Java Programming - Exceptions

Exercise : Exceptions - Finding the output
6.
What will be the output of the program?
public class Test 
{  
    public static void aMethod() throws Exception 
    {
        try /* Line 5 */
        {
            throw new Exception(); /* Line 7 */
        } 
        finally /* Line 9 */
        {
            System.out.print("finally "); /* Line 11 */
        } 
    } 
    public static void main(String args[]) 
    {
        try 
        {
            aMethod();  
        } 
        catch (Exception e) /* Line 20 */
        {
            System.out.print("exception "); 
        } 
        System.out.print("finished"); /* Line 24 */
    } 
}
finally
exception finished
finally exception finished
Compilation fails
Answer: Option
Explanation:

This is what happens:

(1) The execution of the try block (line 5) completes abruptly because of the throw statement (line 7).

(2) The exception cannot be assigned to the parameter of any catch clause of the try statement therefore the finally block is executed (line 9) and "finally" is output (line 11).

(3) The finally block completes normally, and then the try statement completes abruptly because of the throw statement (line 7).

(4) The exception is propagated up the call stack and is caught by the catch in the main method (line 20). This prints "exception".
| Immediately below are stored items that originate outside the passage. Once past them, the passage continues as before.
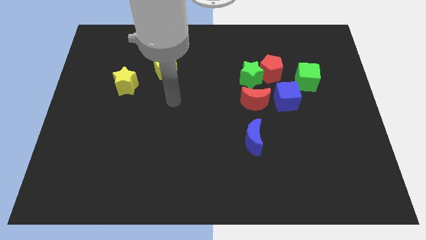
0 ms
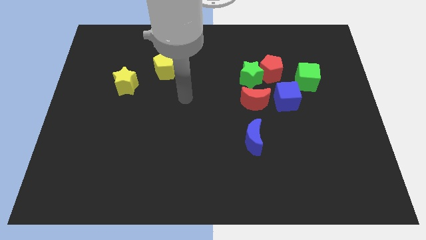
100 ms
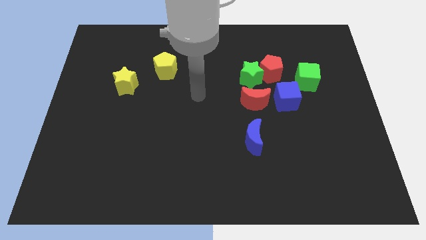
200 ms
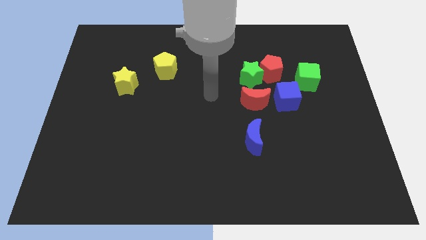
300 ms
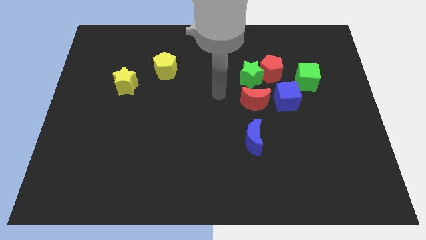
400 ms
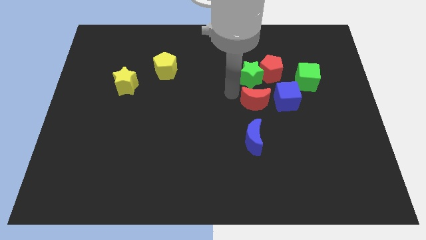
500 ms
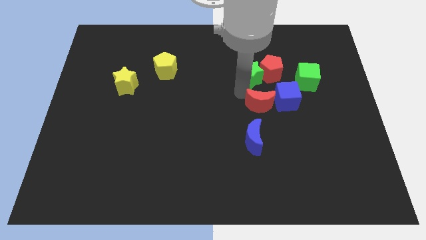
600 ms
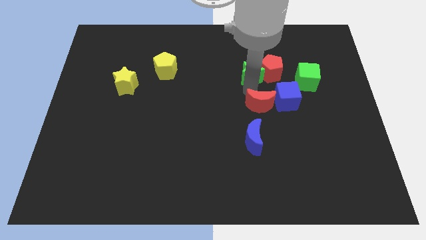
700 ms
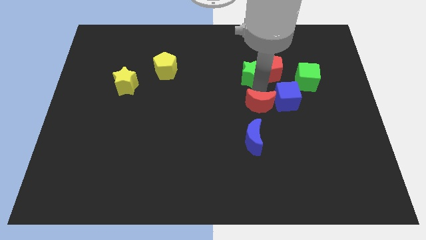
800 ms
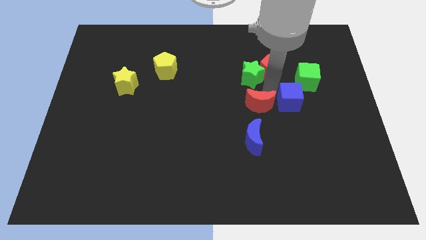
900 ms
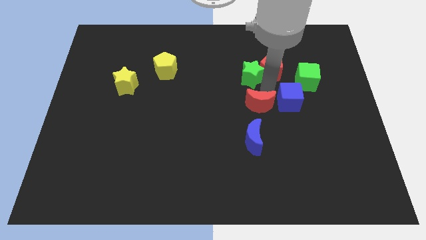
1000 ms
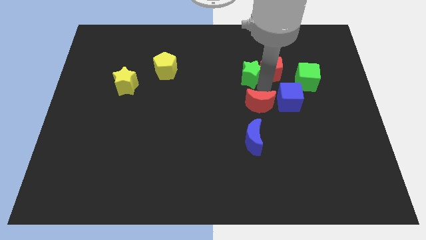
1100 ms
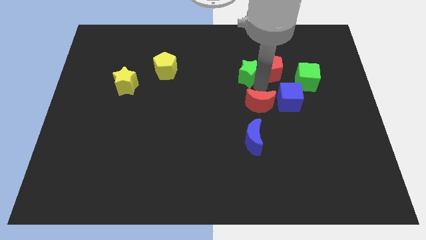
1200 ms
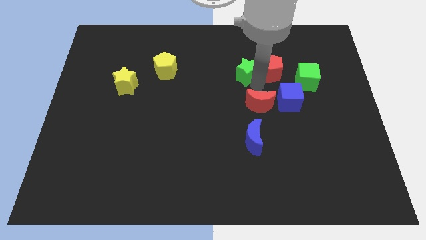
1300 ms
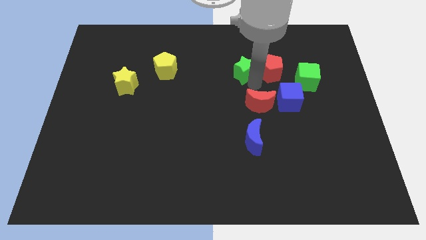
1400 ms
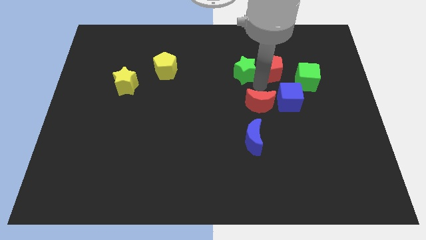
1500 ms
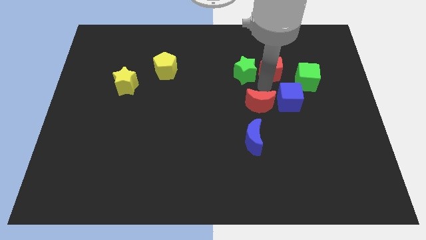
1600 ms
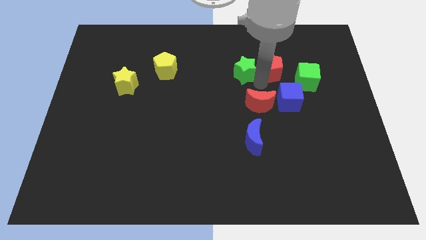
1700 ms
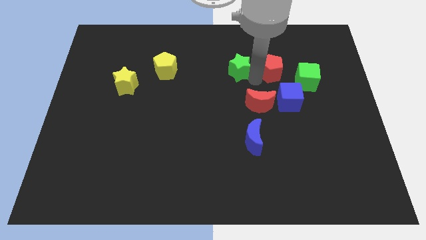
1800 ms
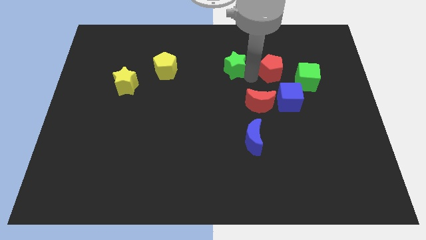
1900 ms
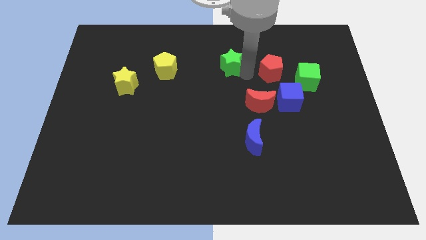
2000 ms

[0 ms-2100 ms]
pull the green star apart from the red pentagon and red moon

(5) Lastly program execution continues, because the exception has been caught, and "finished" is output (line 24).


7.
What will be the output of the program?
public class X 
{ 
    public static void main(String [] args) 
    {
        try 
        {
            badMethod();  
            System.out.print("A"); 
        }  
        catch (Exception ex) 
        {
            System.out.print("B"); 
        }  
        finally 
        {
            System.out.print("C"); 
        }  
        System.out.print("D"); 
    }  
    public static void badMethod() {} 
} 
AC
BC
ACD
ABCD
Answer: Option
Explanation:

There is no exception thrown, so all the code with the exception of the catch statement block is run.


8.
What will be the output of the program?
public class X 
{  
    public static void main(String [] args) 
    {
        try 
        {
            badMethod(); /* Line 7 */
            System.out.print("A"); 
        } 
        catch (Exception ex) /* Line 10 */
        {
            System.out.print("B"); /* Line 12 */
        } 
        finally /* Line 14 */
        {
            System.out.print("C"); /* Line 16 */
        }  
        System.out.print("D"); /* Line 18 */
    } 
    public static void badMethod() 
    {
        throw new RuntimeException(); 
    } 
}
AB
BC
ABC
BCD
Answer: Option
Explanation:

(1) A RuntimeException is thrown, this is a subclass of exception.

(2) The exception causes the try to complete abruptly (line 7) therefore line 8 is never executed.

(3) The exception is caught (line 10) and "B" is output (line 12)

(4) The finally block (line 14) is always executed and "C" is output (line 16).

(5) The exception was caught, so the program continues with line 18 and outputs "D".


9.
What will be the output of the program?
public class MyProgram 
{
    public static void main(String args[])
    {
        try 
        {
            System.out.print("Hello world ");
        }
        finally 
        {
            System.out.println("Finally executing ");
        }
    }
}
Nothing. The program will not compile because no exceptions are specified.
Nothing. The program will not compile because no catch clauses are specified.
Hello world.
Hello world Finally executing
Answer: Option
Explanation:

Finally clauses are always executed. The program will first execute the try block, printing Hello world, and will then execute the finally block, printing Finally executing.

Option A, B, and C are incorrect based on the program logic described above. Remember that either a catch or a finally statement must follow a try. Since the finally is present, the catch is not required.


10.
What will be the output of the program?
class Exc0 extends Exception { } 
class Exc1 extends Exc0 { } /* Line 2 */
public class Test 
{  
    public static void main(String args[]) 
    { 
        try 
        {  
            throw new Exc1(); /* Line 9 */
        } 
        catch (Exc0 e0) /* Line 11 */
        {
            System.out.println("Ex0 caught"); 
        } 
        catch (Exception e) 
        {
            System.out.println("exception caught");  
        } 
    } 
}
Ex0 caught
exception caught
Compilation fails because of an error at line 2.
Compilation fails because of an error at line 9.
Answer: Option
Explanation:

An exception Exc1 is thrown and is caught by the catch statement on line 11. The code is executed in this block. There is no finally block of code to execute.